Copy each line below holding "with".

MATERIAL SHOWN:
╭──
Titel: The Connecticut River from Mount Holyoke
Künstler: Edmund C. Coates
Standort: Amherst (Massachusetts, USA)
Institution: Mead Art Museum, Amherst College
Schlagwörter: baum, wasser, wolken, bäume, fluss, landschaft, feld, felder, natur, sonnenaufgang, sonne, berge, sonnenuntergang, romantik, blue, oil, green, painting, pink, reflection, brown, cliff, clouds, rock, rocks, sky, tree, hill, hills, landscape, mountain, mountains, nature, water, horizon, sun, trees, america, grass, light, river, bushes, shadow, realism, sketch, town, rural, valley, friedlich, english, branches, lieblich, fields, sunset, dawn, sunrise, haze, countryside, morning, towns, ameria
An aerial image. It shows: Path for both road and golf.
╰──
╭──
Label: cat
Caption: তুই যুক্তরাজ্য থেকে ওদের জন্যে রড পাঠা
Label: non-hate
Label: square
╰──
╭──
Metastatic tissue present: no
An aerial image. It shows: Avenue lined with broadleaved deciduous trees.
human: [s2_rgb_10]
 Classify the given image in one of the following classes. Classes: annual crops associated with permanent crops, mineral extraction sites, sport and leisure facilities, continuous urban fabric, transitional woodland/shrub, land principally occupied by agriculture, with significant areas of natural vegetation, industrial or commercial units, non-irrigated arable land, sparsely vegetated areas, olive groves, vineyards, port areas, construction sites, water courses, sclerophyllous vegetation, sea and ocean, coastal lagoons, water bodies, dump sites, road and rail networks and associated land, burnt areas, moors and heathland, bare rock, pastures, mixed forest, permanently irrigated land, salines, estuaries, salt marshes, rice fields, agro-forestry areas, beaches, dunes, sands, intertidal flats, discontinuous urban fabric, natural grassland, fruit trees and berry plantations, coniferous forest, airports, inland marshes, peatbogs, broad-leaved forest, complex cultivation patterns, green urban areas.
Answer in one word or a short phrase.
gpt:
╰──
EXPECTED ANSWER:
An aerial image. It shows: Avenue lined with broadleaved deciduous trees.
 Classify the given image in one of the following classes. Classes: annual crops associated with permanent crops, mineral extraction sites, sport and leisure facilities, continuous urban fabric, transitional woodland/shrub, land principally occupied by agriculture, with significant areas of natural vegetation, industrial or commercial units, non-irrigated arable land, sparsely vegetated areas, olive groves, vineyards, port areas, construction sites, water courses, sclerophyllous vegetation, sea and ocean, coastal lagoons, water bodies, dump sites, road and rail networks and associated land, burnt areas, moors and heathland, bare rock, pastures, mixed forest, permanently irrigated land, salines, estuaries, salt marshes, rice fields, agro-forestry areas, beaches, dunes, sands, intertidal flats, discontinuous urban fabric, natural grassland, fruit trees and berry plantations, coniferous forest, airports, inland marshes, peatbogs, broad-leaved forest, complex cultivation patterns, green urban areas.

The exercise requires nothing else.